Quickly, stooping for more handfuls of snow, he returns to the task before of trying to snuff out the flame, and trying to ignore the way getting closer makes his heart pump too hot, too fast. Before, it was an impossible attempt, working against what he didn't realise was Raju's own anger, or upset, fueling it all. But now.... Assuming that Raju doesn't fall to those biting emotions again, at least.... Little's eyes snap back to the other man as he works, nodding again.
"You've done well to ease it as much as you have. You should take a moment to rest now, gather your strength. I'll finish this."
He doubts Raju will relent so easily, but it's worth a try... And then, as he continues working, finds a question.
"Does it... cause you any physical pain? This... connection?"
no subject
Optimism isn't the word, exactly, for Raju's outlook. He doesn't believe fate has bound everything in his life to always go awfully, he believes deep down inside him and always has that things are, eventually, going to start going well, that any event that he's a part of will eventually be made to turn his way. But it's an optimism centred not around some kind of friendly, naturally helpful universe, but around himself. Things will get better than they are, because Raju will refuse to stop until they have. There are people who need him to believe that that's true, that to push and push and push will see him coming out the other side with the world in the shape those people all counting on him so badly need it to be, and so he believes it. But here's there's this thing coming from him, this destructive thing, and the frightened, determinedly brave man in front of him is declaring that he can control it, can put it away where Raju can't, where Raju should have been able to, and failed to, is failing to—
The wood pops under the fire and Raju squeezes his eyes shut again with a thick noise making it out from the base of his throat, he tightens his fists, he focuses fiercely on the awful, cold air freezing the inside of his nose, the way it feels moving down his throat, on the feeling of his chest moving, his lungs inflating, and then pushing the air back out. The air is cold and painful when it comes inside him, and almost warm as it moves out. For a moment that's all there is. It's all he'll allow the world to be.

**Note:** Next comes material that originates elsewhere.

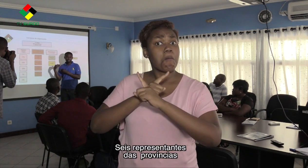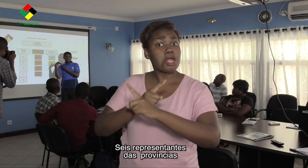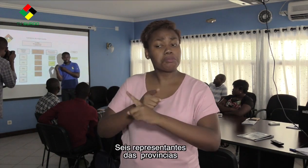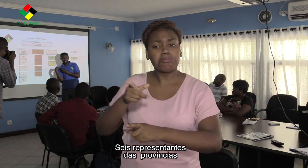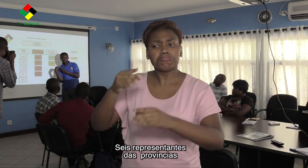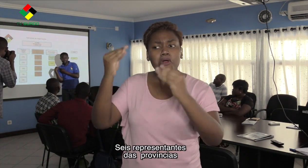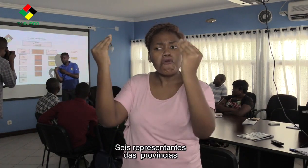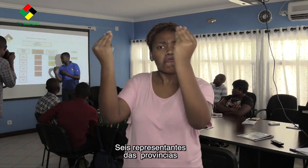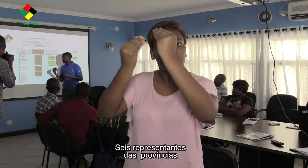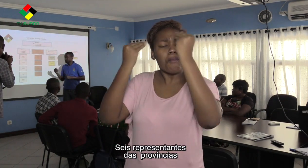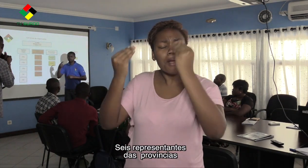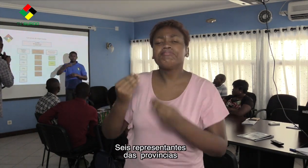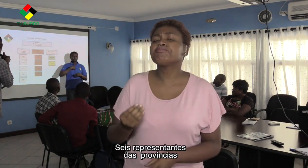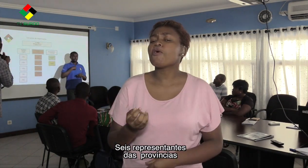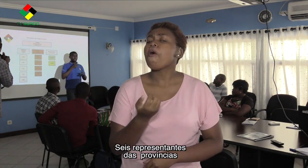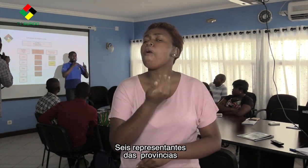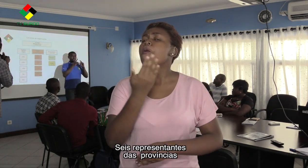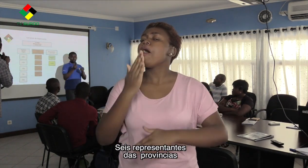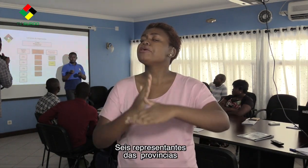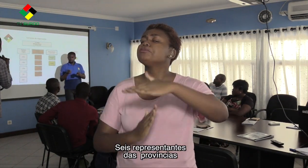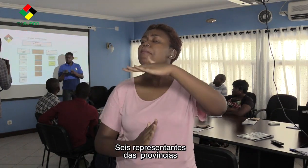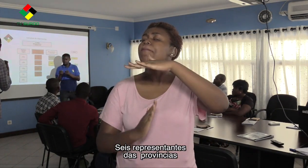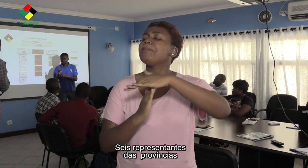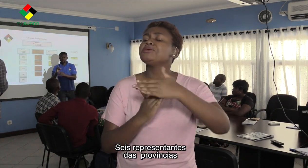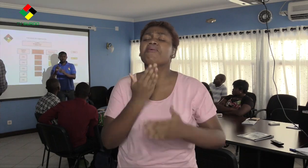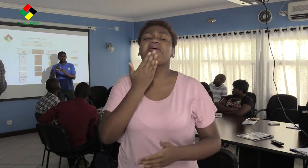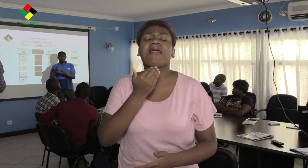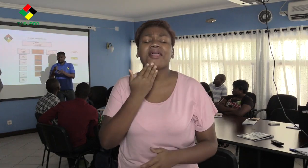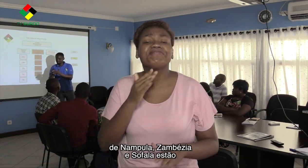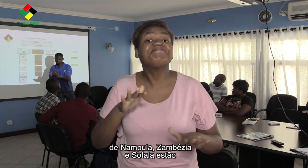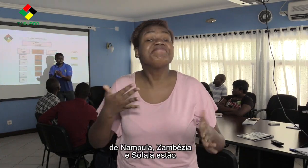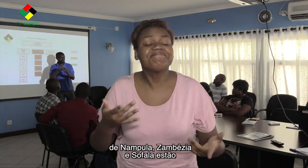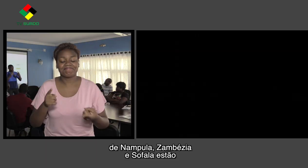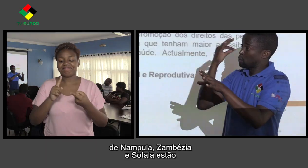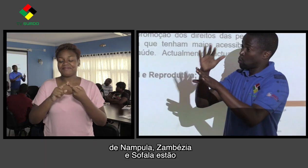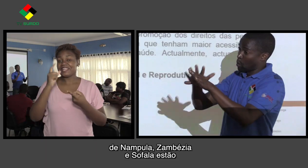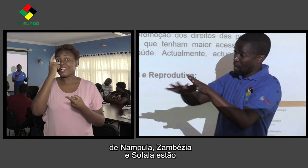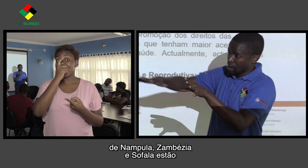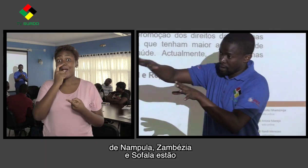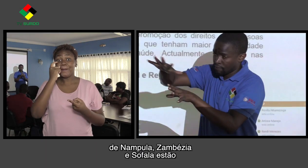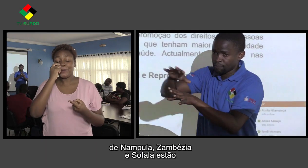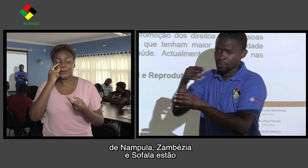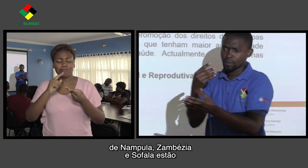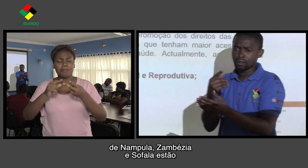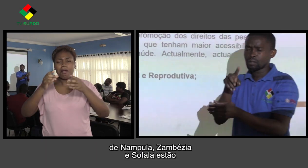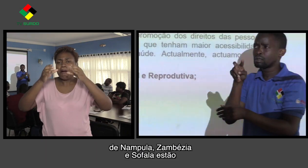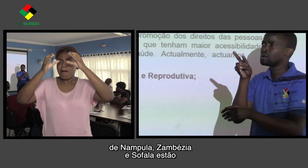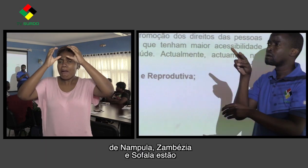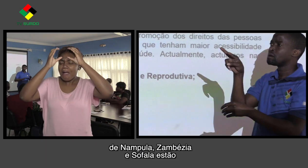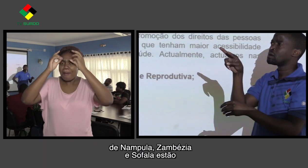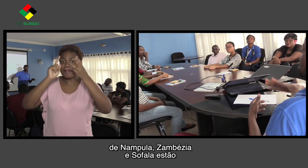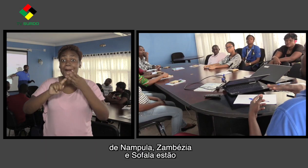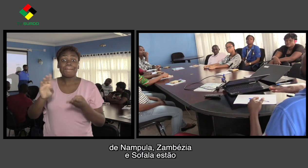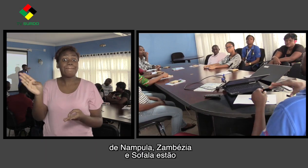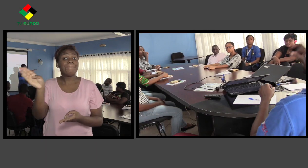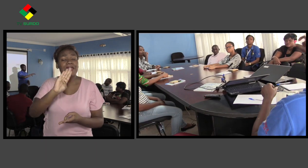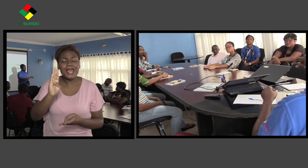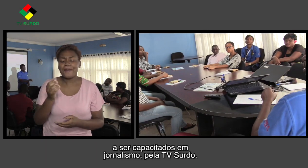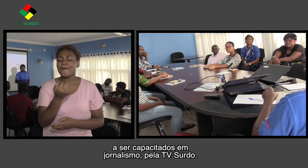Seis representantes das províncias de Nampula, Zambés e Sufala estão a ser

Some moments of that and the sharp edge of tension inside him eases. The tight line of his shoulders eases with it, and his fists loosen. His breaths come a little more slowly again. He leaves his eyes closed, trying not to think about the sound of the flames or the sound of whatever Little is doing with them while Raju stands useless here, while there's nothing he can do but stand useless in case even looking at the damn thing makes it worse, trying to think only about the question.
"I..." His brow furrows. It's hard to tell. There's never been much point in peering inside himself this way, and the muscles for reaching in that direction aren't developed enough for very precise work. Does this hurt? "I don't... think so. I feel..."
There's his failure, which it doesn't do to think about. Push it aside and keep going. Look past it. There's another man here, strong willed enough to overcome his own fear and failings, stepping forward where Raju can't. It's a breath of cool air winding itself around the heat raging in the rest of him. Rest now, gather your strength. I'll finish this. There's something about that, when Raju tries to figure out how he feels. Something. He can't find the words to say just what.
"Angry? I don't know. There's no pain." He opens his eyes, pulls his gaze away from the fire before he can do more than glance at it. He pulls his gaze down, and it lands on his feet.
"Except from this bloody snow," he mutters, sounding almost embarrassed, and it is embarrassing to be complaining about something like that now. But it's focusing on this or focusing on the thing that he's failing to control, and it does hurt, damn it, being cold this way. He'd run outside only thinking of keeping the flames from spreading inside where the people were sleeping, and he'd forgotten his shoes.
"And the cold," he goes on, shifting his weight while he focuses on the sharp, stinging cold under his feet, murmuring while the heat within and without him begins to dim. "It's worse like this, in the dark. Why are you out in it to be helping at all?"